*** Block opens ***

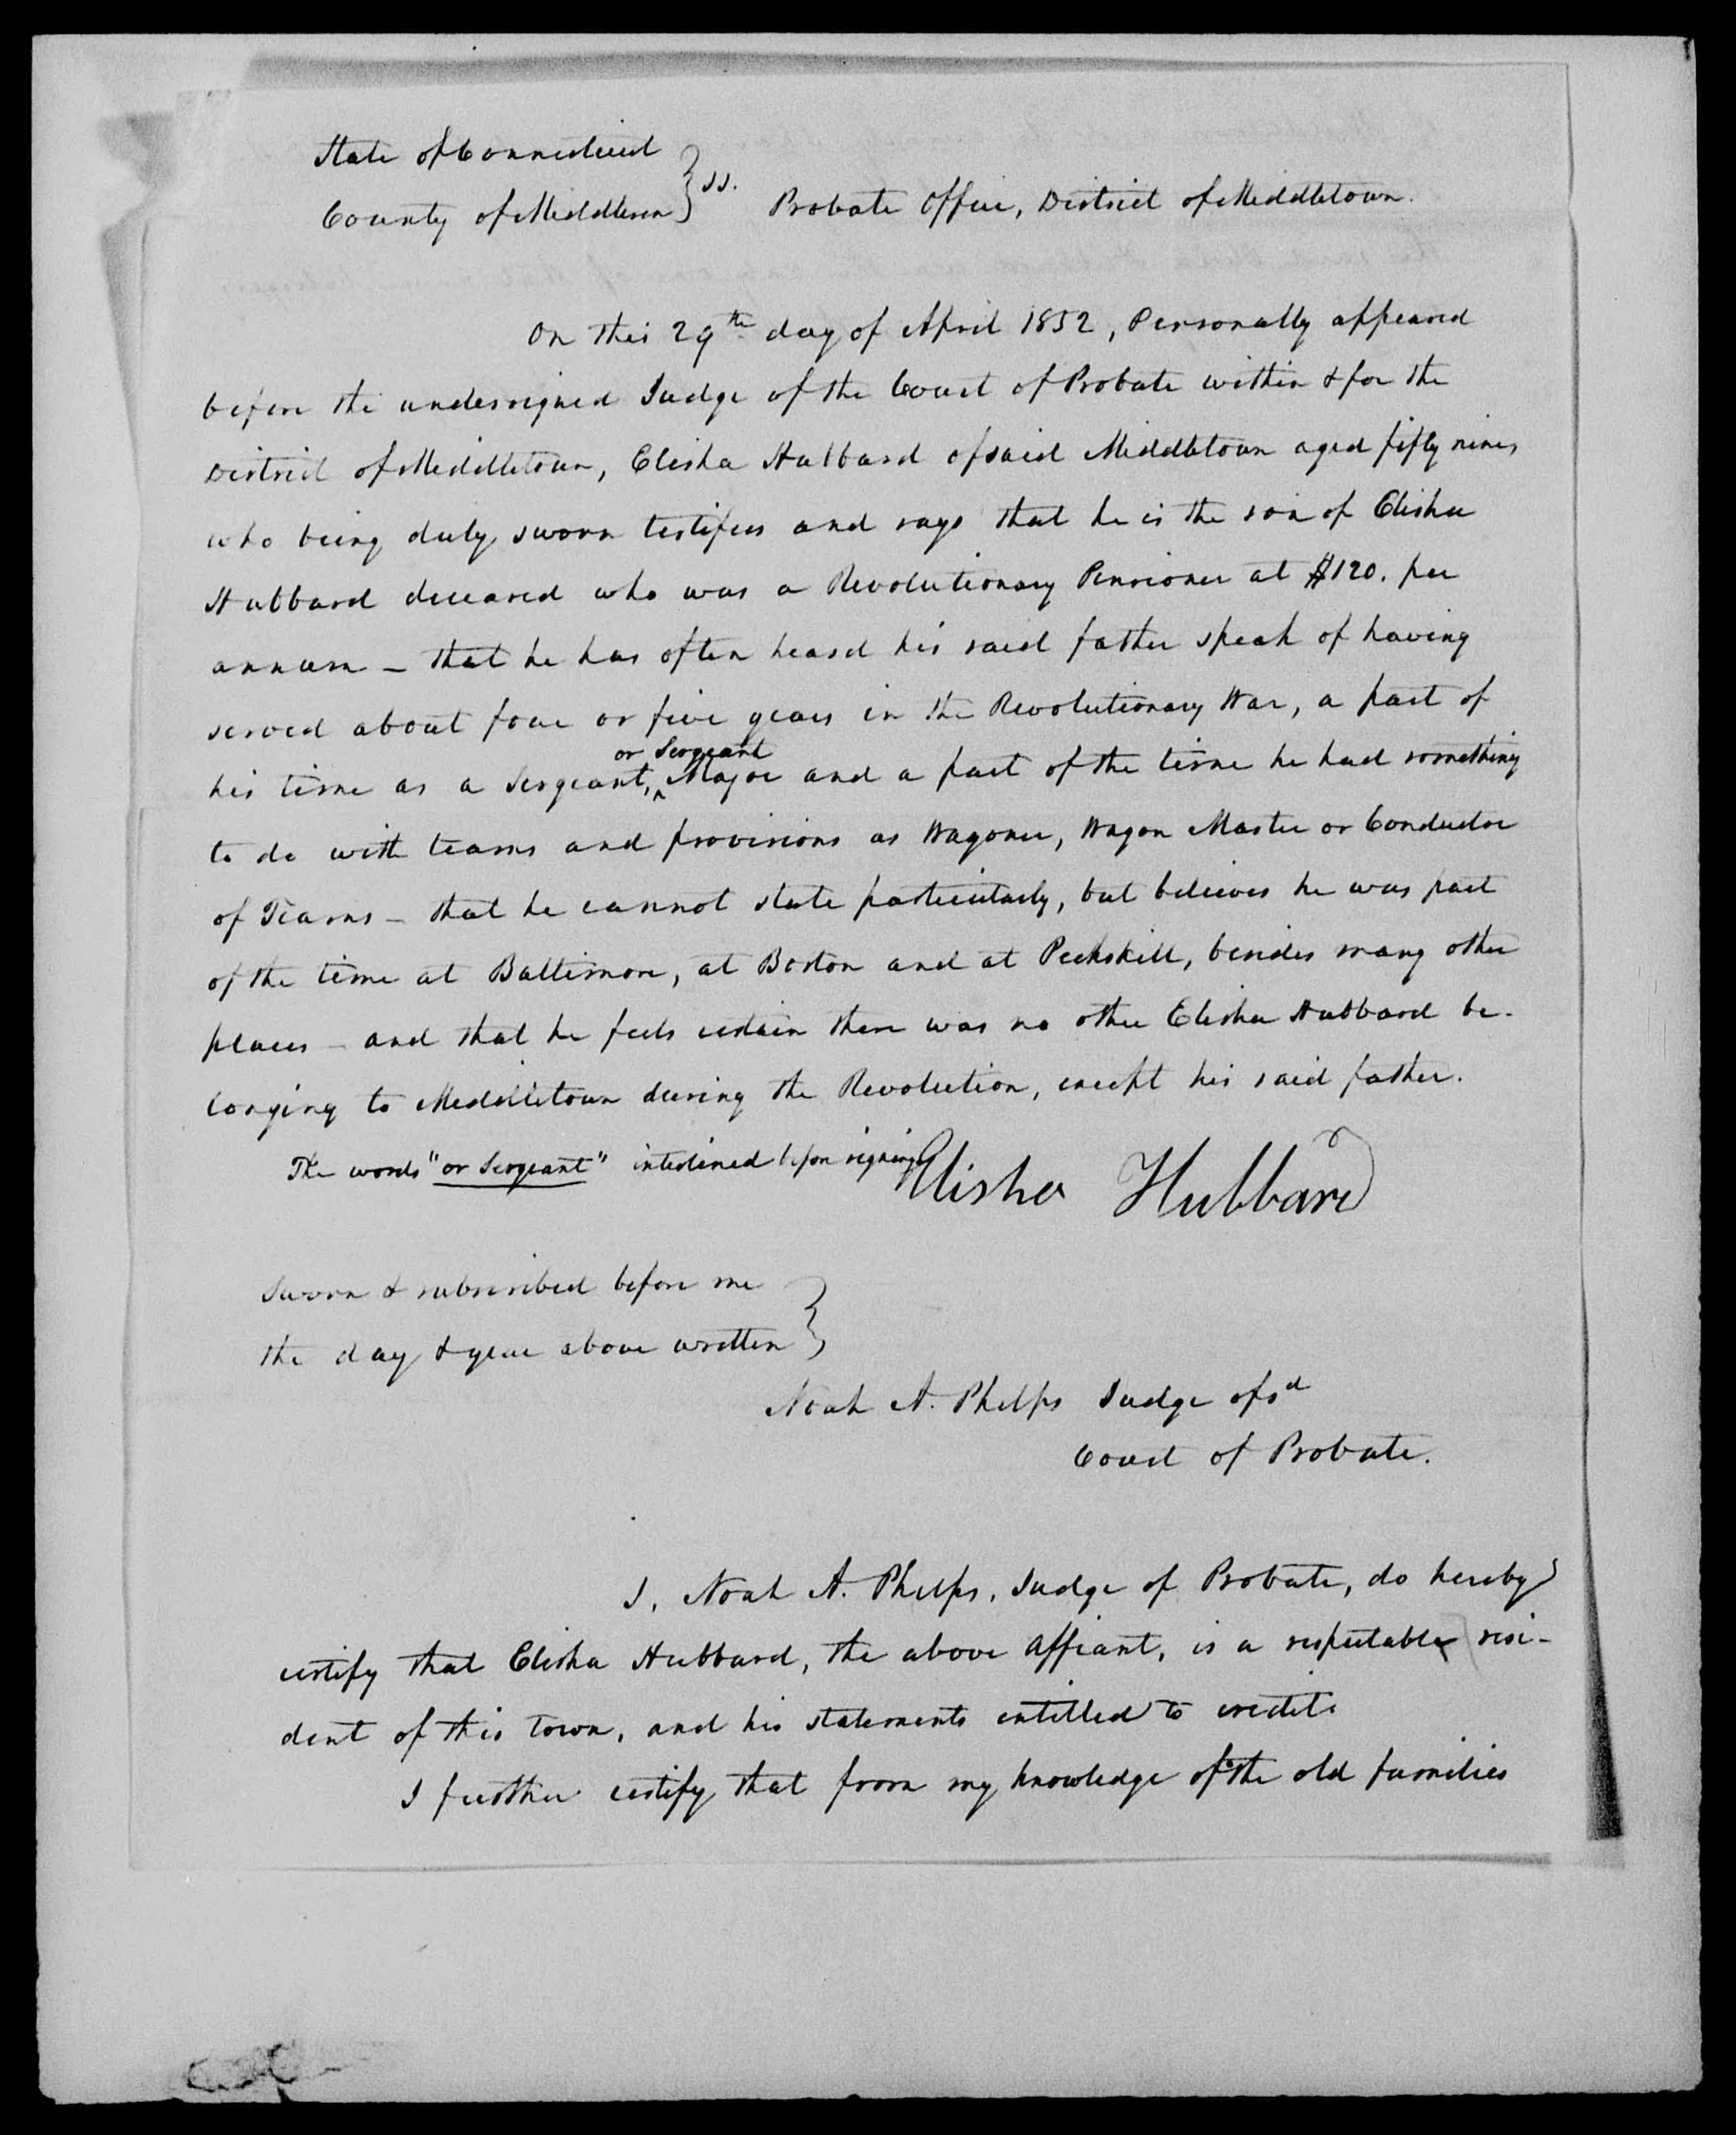State of Connecticut }
County of Middlesex } ss.  Probate office, District of Middletown

On this 29th day of April 1852, Personally appeared before the undersigned Judge of the Court of Probate within & for the District of Middletown, Elisha Hubbard of said Middletown aged fifty nine, who being duly sworn testifies and says that he is the son of Elisha Hubbard deceased who was a Revolutionary Pensioner at $210. per annum - that he has  often heard his said father speak of having served about four or five years in the Revolutionary War, a part of his time as a Sergeant or Sergeant Major and a part of the time he had something to do with teams and provisions as Wagoner, Wagon Master or Conductor of Teams - that he cannot state particularly but believes he was part of the time at Baltimore, Boston and at Peekskill,  (?) many other places --and that he feels certain there was no other Elisha Hubbard belonging to Middletown during the Revolution , ought his said father.

The words "or Sergreant"  interlined befor original

Elisha Hubbard

Sworn and subscribed before me the day & year above written }
Noah A. Phelps    Judge of the  Court of Probate.

I, Noah A. Phelps, Judge of Probate, do hereby certify that Elisha Hubbard, the above affiant, is a reputable resident of this town, and his statements entitled to credit
I further certify that from my knowledge of the old families

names: Elisha Hubbard, Noah A Phelps
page: 61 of 63
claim: survivor's
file: S. 18457, Elisha Hubbard, Conn. Continental

*** Block closes ***

To answer, copy each line from the material above that has the word "Noah".

Noah A. Phelps    Judge of the  Court of Probate.
I, Noah A. Phelps, Judge of Probate, do hereby certify that Elisha Hubbard, the above affiant, is a reputable resident of this town, and his statements entitled to credit
names: Elisha Hubbard, Noah A Phelps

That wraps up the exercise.